Why is the sky blue? We ran this and a few other questions by the new search engine Wolfram|Alpha today. Wolfram|Alpha plays around with 10+ trillion pieces of data to make knowledge computational -- if this, then that; this vs. that; if this occurs, what happens then. You know, what are the relationships between things. It's a valiant attempt at artificial intelligence, and fills a void between Google's vast search of static items and social media search of chat in real time.
Alas, this alpha thing feels more like beta. Wolfram|Alpha fails to answer basic queries and is still a babe in the woods of intelligence. It reminds us just a bit of Chris McKinstry's effort to build a vast artificial consciousness that could answer simple yes/no questions. McKinstry never got close to passing the Turing test, and eventually committed suicide.
Designing intelligence isn't easy. We look forward to seeing where Wolfram goes.

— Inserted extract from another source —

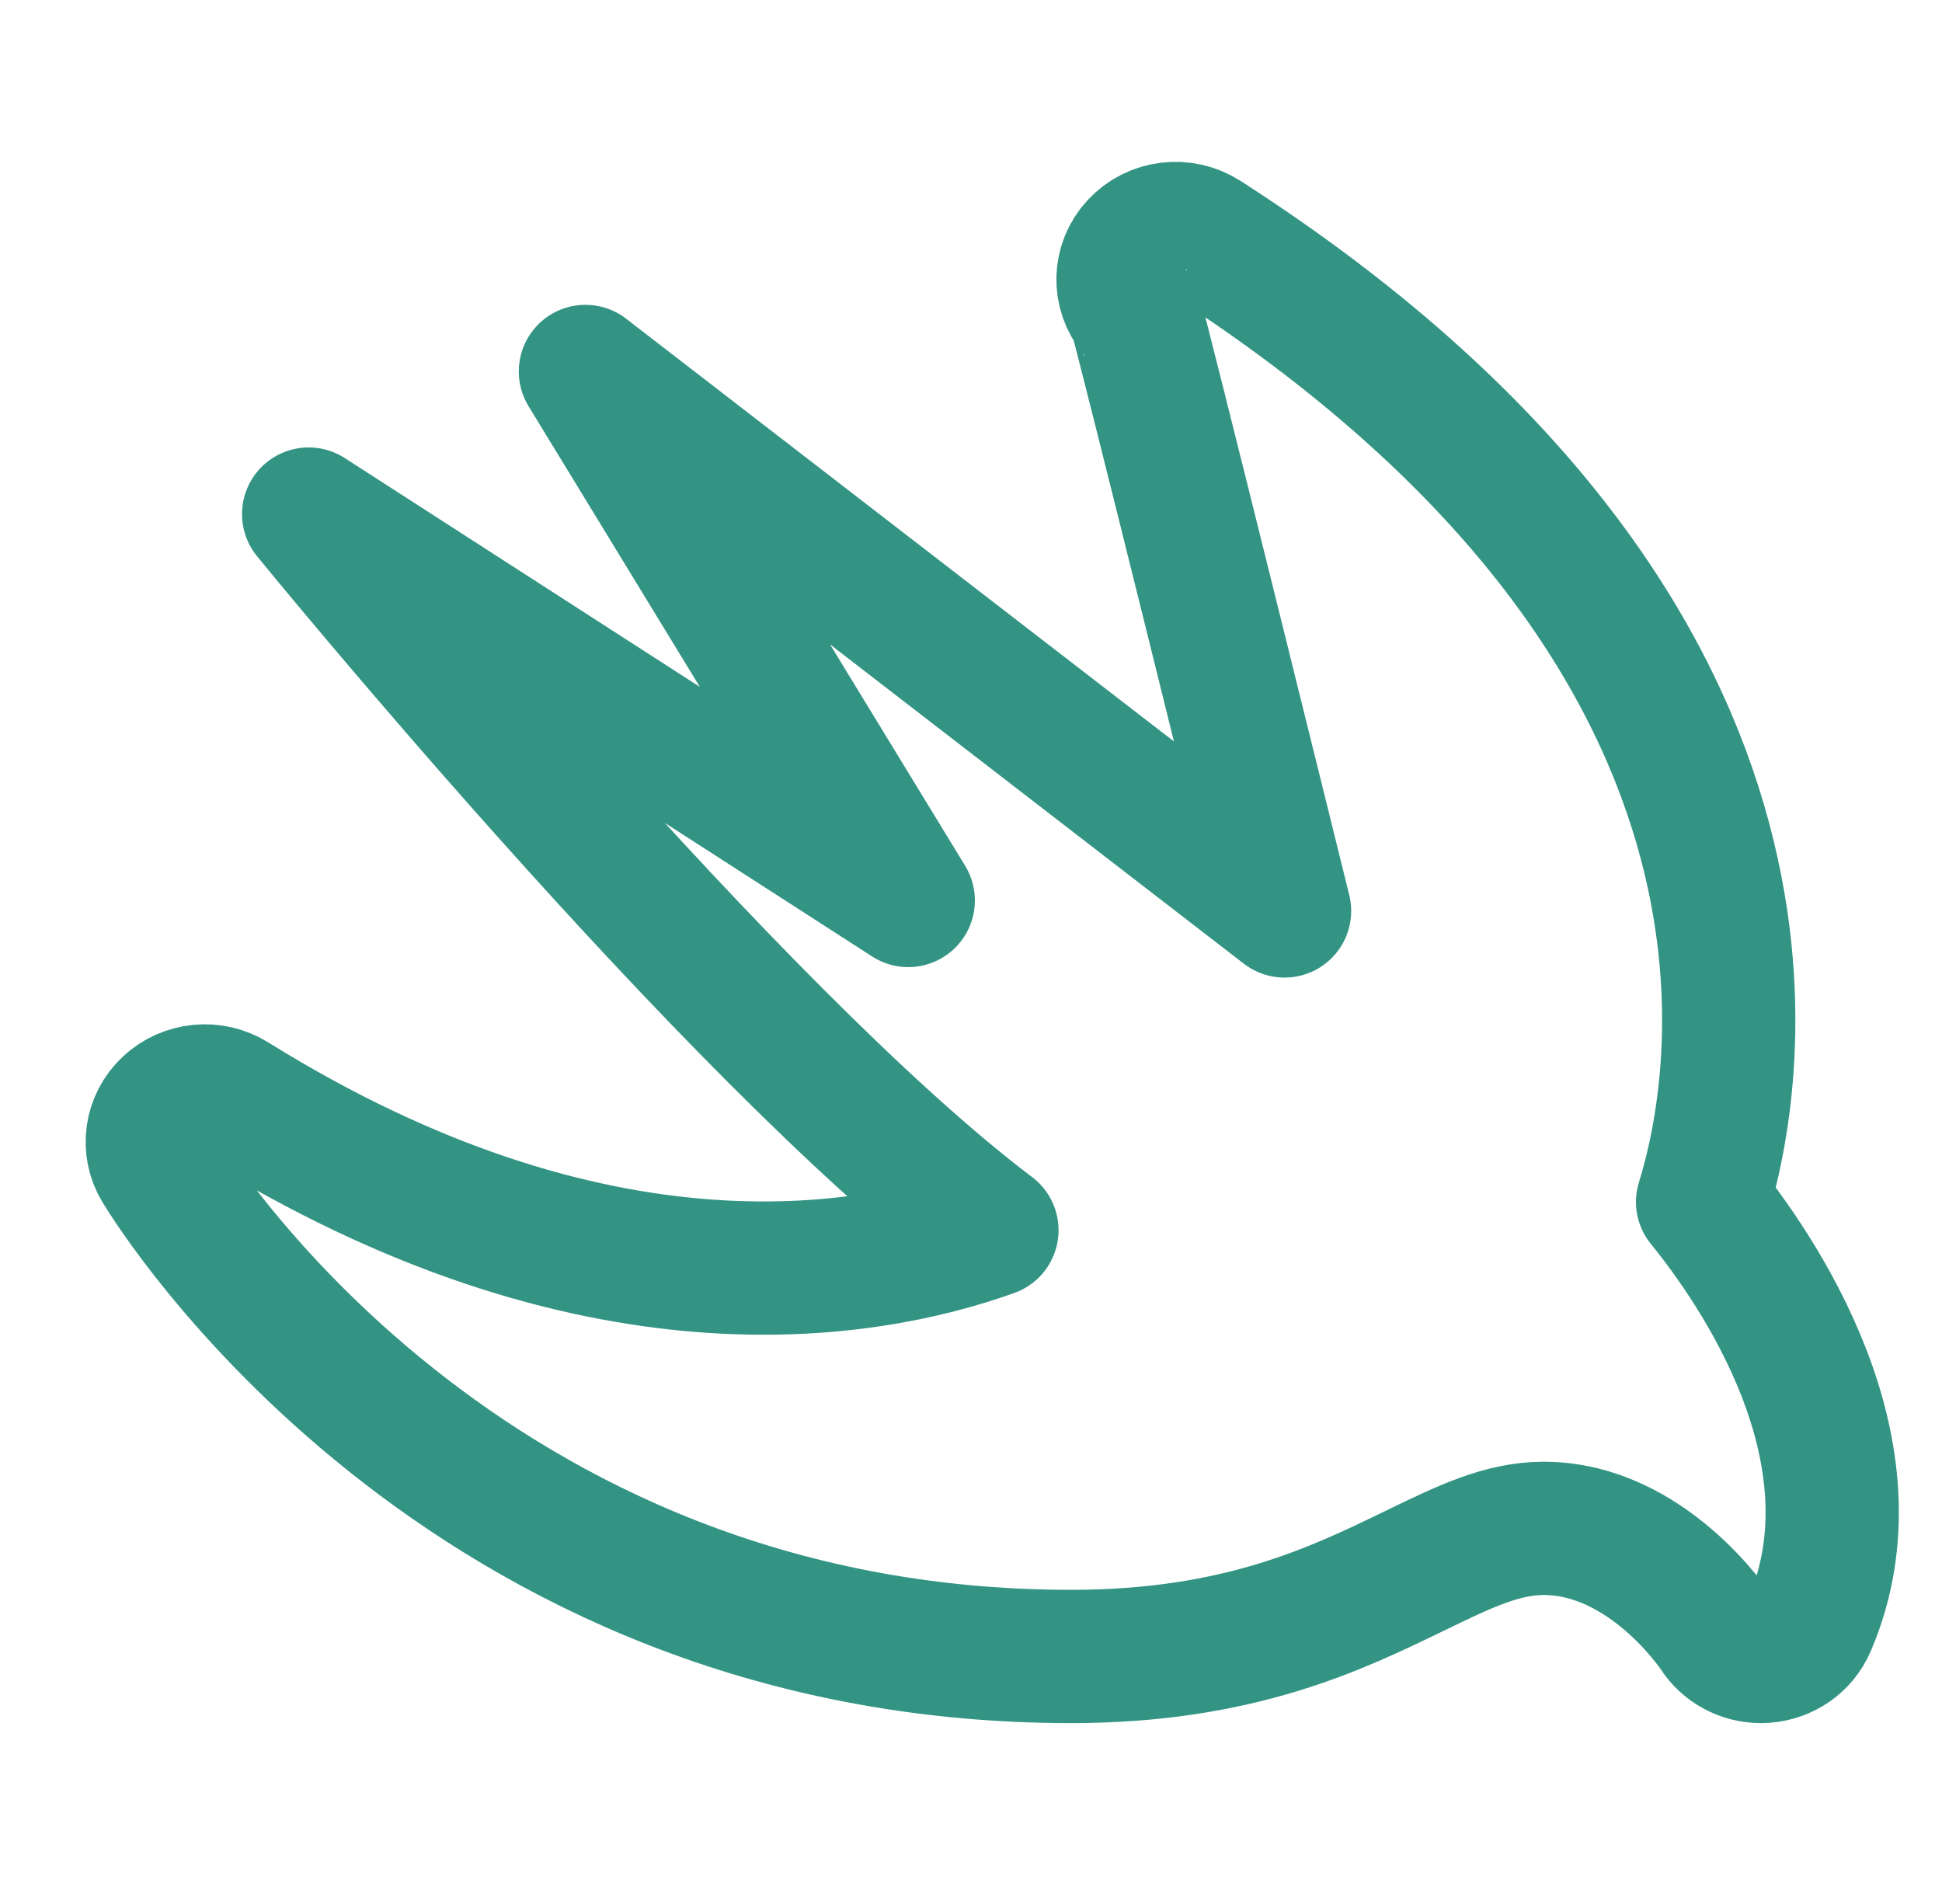 <svg width="51" height="50" viewBox="0 0 51 50" fill="none" xmlns="http://www.w3.org/2000/svg">
<path d="M44.713 31.564C45.697 28.396 47.914 16.677 31.63 6.222C31.057 5.856 30.304 5.952 29.849 6.442C29.391 6.932 29.372 7.672 29.802 8.186C29.868 8.264 33.734 23.922 33.734 23.922L15.374 9.755L23.852 23.647L8.106 13.5C8.106 13.5 19.236 27.166 26.049 32.306C22.752 33.49 15.586 34.744 6.123 28.862C5.588 28.527 4.885 28.591 4.422 29.025C3.964 29.451 3.865 30.131 4.188 30.664C4.505 31.189 12.09 43.5 28.128 43.5C32.529 43.5 35.101 42.246 37.169 41.242C38.44 40.626 39.444 40.136 40.539 40.136C43.265 40.136 45.055 42.844 45.071 42.868C45.325 43.261 45.769 43.5 46.243 43.5C46.279 43.5 46.318 43.497 46.356 43.495C46.872 43.455 47.318 43.141 47.517 42.678C49.486 38.105 46.094 33.263 44.713 31.564Z" stroke="#007A66" stroke-opacity="0.8" stroke-width="3.5" stroke-linecap="round" stroke-linejoin="round"/>
</svg>

Wolfram|Alpha demo here. Image: Gari Baldi.
4 comments:
AI failed and it will continue to fail because that's not how the human brain works. If you really like this area definitely read Jeff Hawkins book 'On Intelligence: How A New Understanding of The Brain Will Lead To The Creation of Truly Intelligent Machines.' The book is brilliant and so is Jeff's new programming language. My wife works in this field so that's why I have been versed on the subject in recent years.
Why is Sky blue? SEO 2.0 alerted me to Lexxe (http://bit.ly/ee1nG), which did a pretty good job of answering that question unlike WA:
http://bit.ly/FgutO
Intelligence is not the product of how well it answers, but how well it learns. Any idiot can memorize the answers. Only intelligent individuals can sort through data and arrive at logical conclusions.
All this to say, I'm more interested to see how WA does six months from now than at launch.
It is pretty impressive that search engine. you can ask it if it will be the next skynet and it says that it won't.